> **WHAT YOU SHOULD DO**
For the records that follow, please set down exactly the lines between the one holding "the held item." and the one holding "## User Instruction", inclusive, and only those.

SUPPLIED RECORDS section start

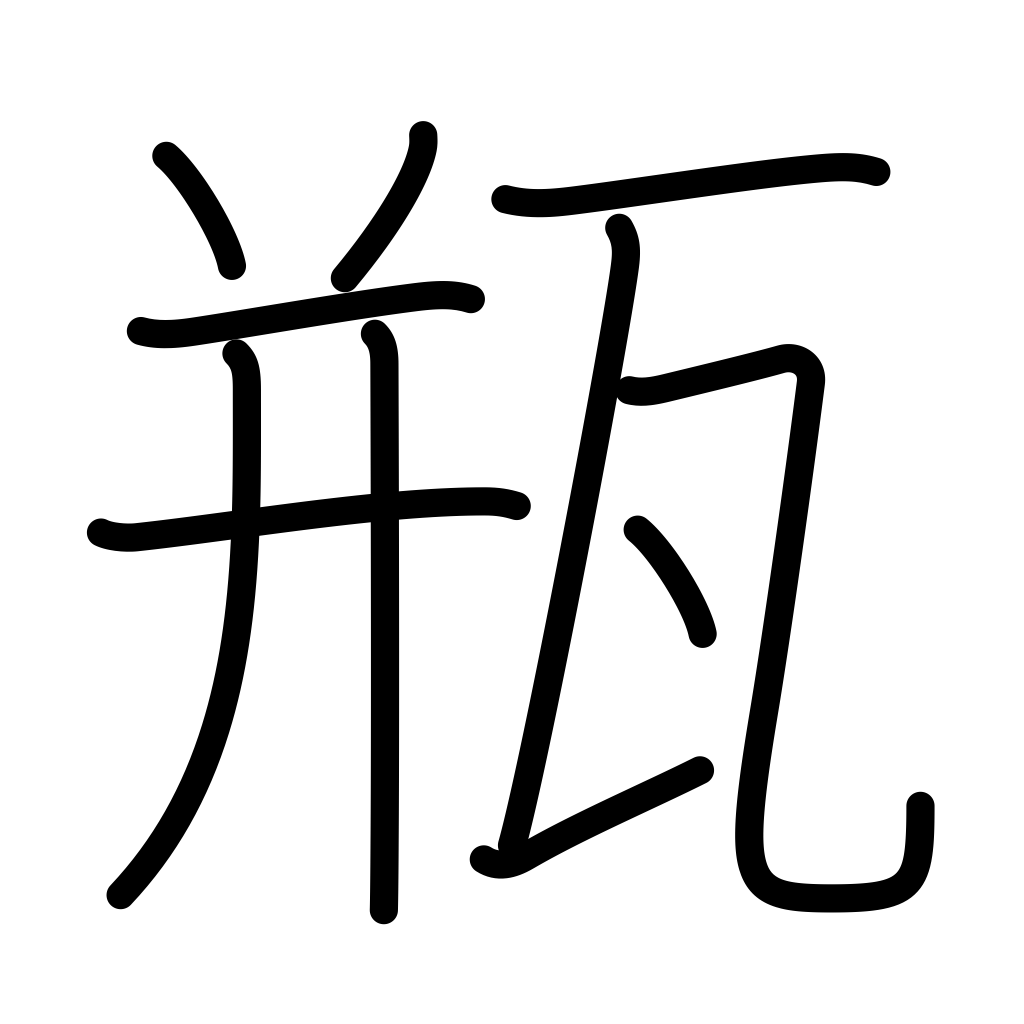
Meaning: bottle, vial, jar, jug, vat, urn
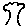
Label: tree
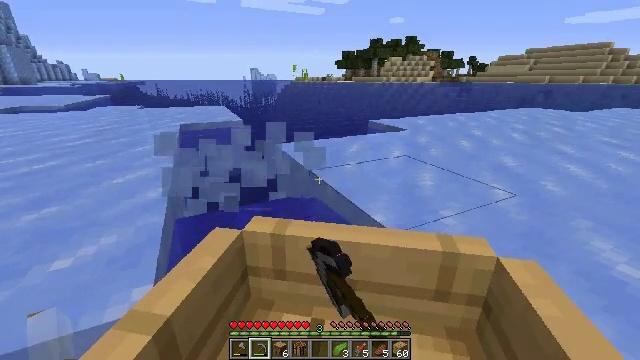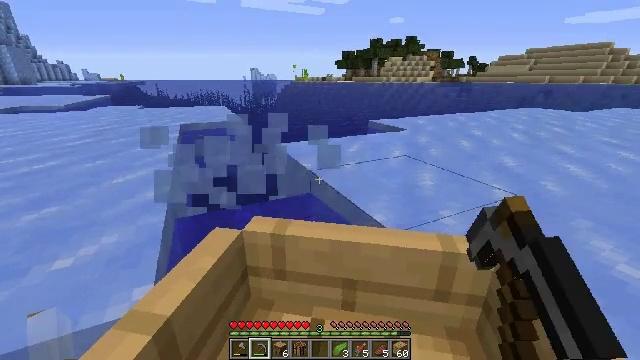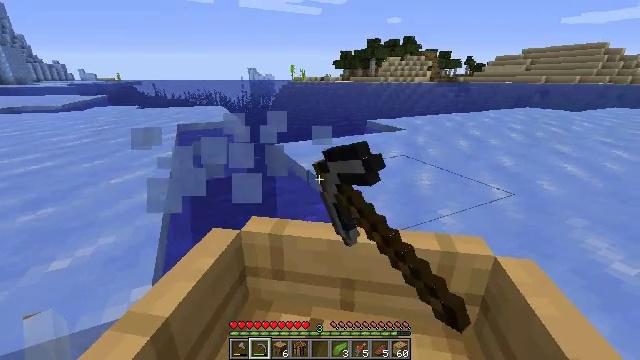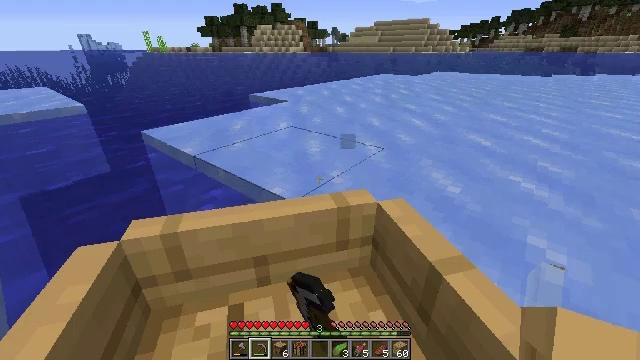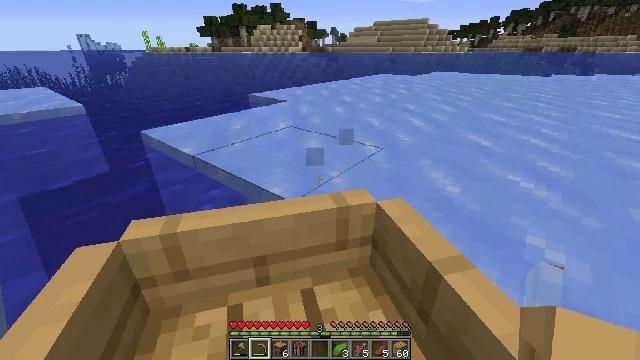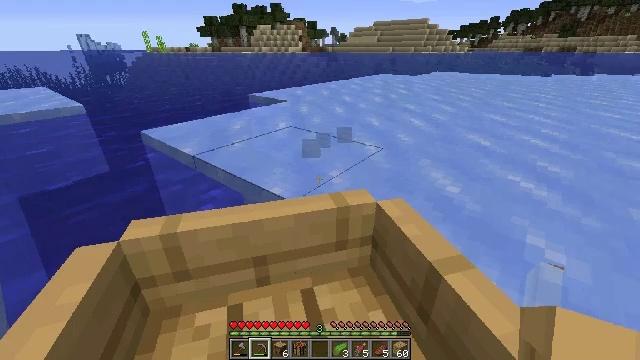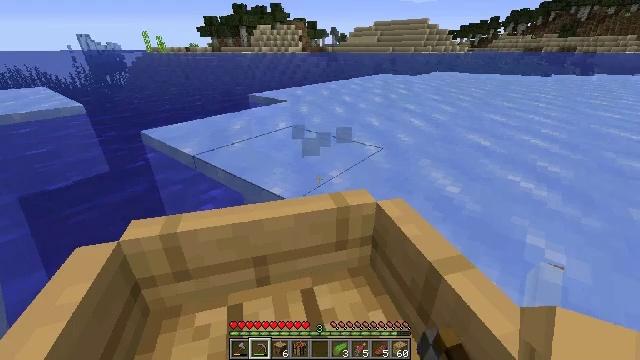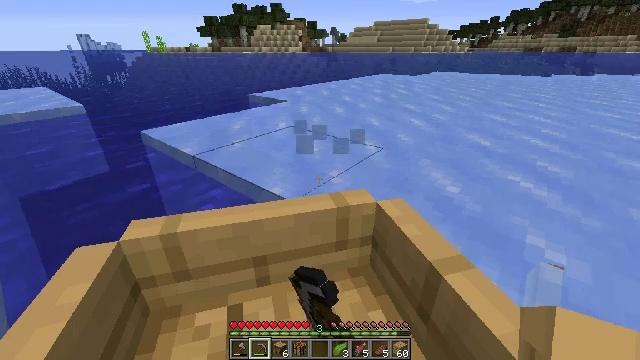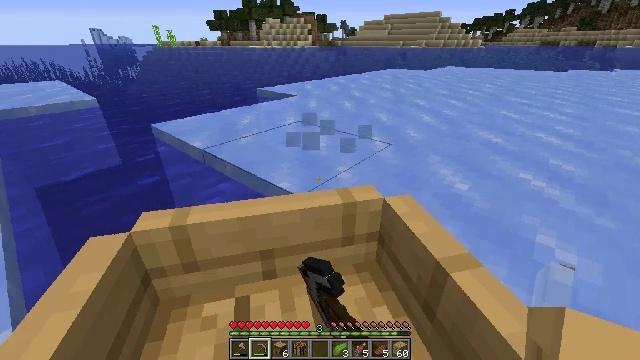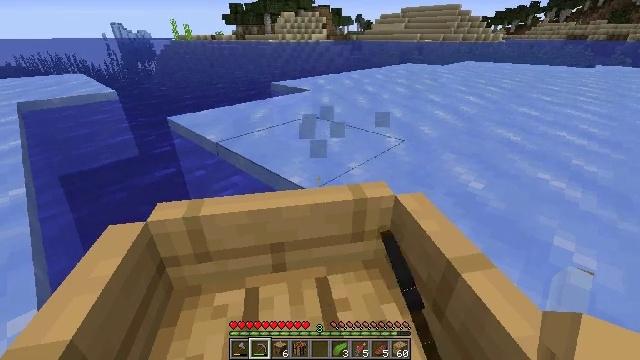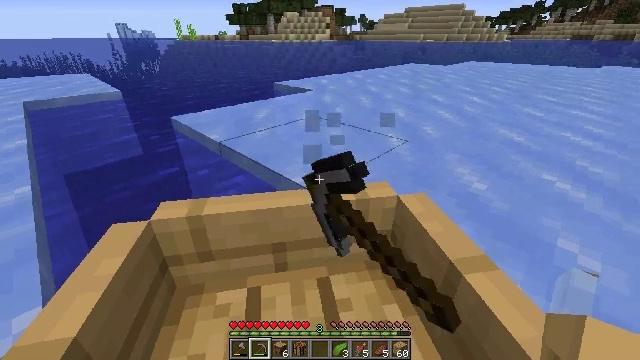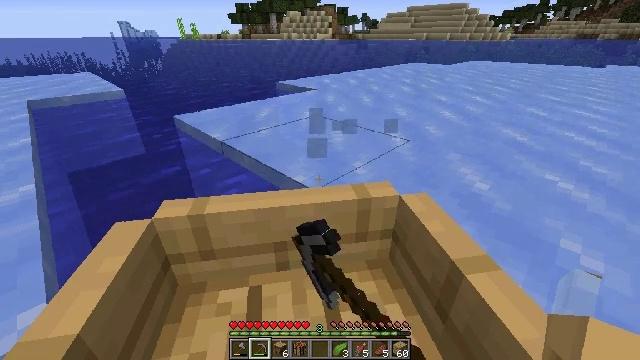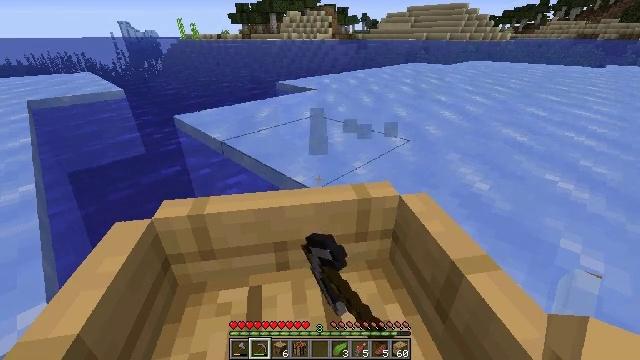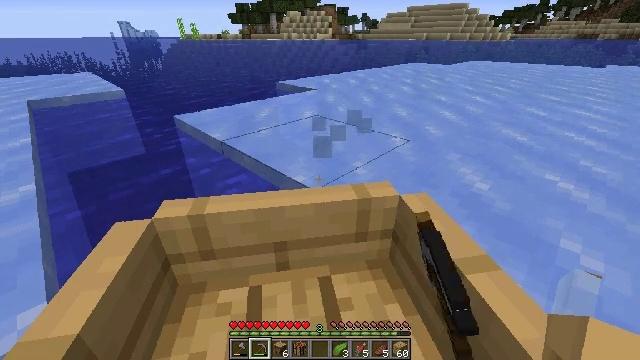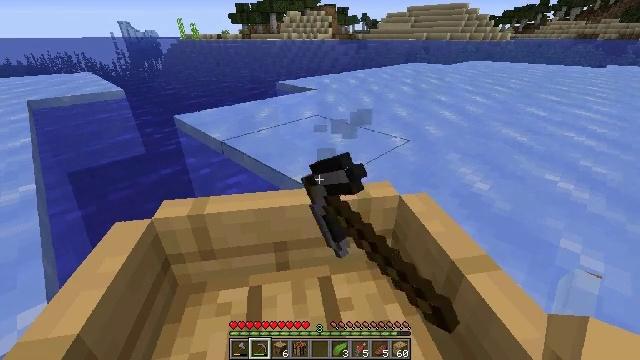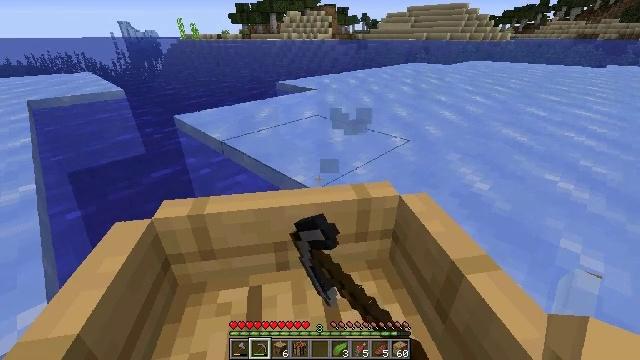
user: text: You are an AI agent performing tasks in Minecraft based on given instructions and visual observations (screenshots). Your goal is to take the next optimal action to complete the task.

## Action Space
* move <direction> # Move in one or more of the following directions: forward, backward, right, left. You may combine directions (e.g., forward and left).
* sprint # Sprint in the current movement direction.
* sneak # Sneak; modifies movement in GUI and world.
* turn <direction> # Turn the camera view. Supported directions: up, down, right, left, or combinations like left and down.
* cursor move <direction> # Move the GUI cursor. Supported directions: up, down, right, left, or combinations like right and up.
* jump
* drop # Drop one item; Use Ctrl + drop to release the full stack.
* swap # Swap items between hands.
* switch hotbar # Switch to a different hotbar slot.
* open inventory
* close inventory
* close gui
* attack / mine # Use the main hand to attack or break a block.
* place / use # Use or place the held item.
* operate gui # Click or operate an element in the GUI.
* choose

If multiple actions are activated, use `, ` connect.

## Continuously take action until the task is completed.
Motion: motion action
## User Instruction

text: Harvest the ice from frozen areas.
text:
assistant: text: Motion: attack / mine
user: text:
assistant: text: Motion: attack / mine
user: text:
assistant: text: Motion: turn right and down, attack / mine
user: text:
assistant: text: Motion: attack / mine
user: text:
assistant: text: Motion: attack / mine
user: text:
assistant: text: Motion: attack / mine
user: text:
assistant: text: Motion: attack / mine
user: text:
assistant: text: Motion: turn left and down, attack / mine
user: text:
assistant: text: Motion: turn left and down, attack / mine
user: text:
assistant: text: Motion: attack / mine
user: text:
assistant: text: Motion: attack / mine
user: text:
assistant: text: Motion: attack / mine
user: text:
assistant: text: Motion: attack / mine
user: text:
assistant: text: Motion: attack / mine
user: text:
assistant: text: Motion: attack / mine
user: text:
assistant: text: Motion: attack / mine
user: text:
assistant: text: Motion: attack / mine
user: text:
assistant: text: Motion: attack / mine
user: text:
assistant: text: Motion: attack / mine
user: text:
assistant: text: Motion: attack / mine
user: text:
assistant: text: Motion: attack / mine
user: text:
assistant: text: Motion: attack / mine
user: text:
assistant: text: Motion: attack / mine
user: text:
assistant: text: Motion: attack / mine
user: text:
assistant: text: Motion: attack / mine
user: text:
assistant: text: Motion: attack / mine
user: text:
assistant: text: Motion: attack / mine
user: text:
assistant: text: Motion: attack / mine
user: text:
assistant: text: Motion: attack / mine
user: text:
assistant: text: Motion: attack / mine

SUPPLIED RECORDS section end

> **EXERCISE OUTPUT**
* place / use # Use or place the held item.
* operate gui # Click or operate an element in the GUI.
* choose

If multiple actions are activated, use `, ` connect.

## Continuously take action until the task is completed.
Motion: motion action
## User Instruction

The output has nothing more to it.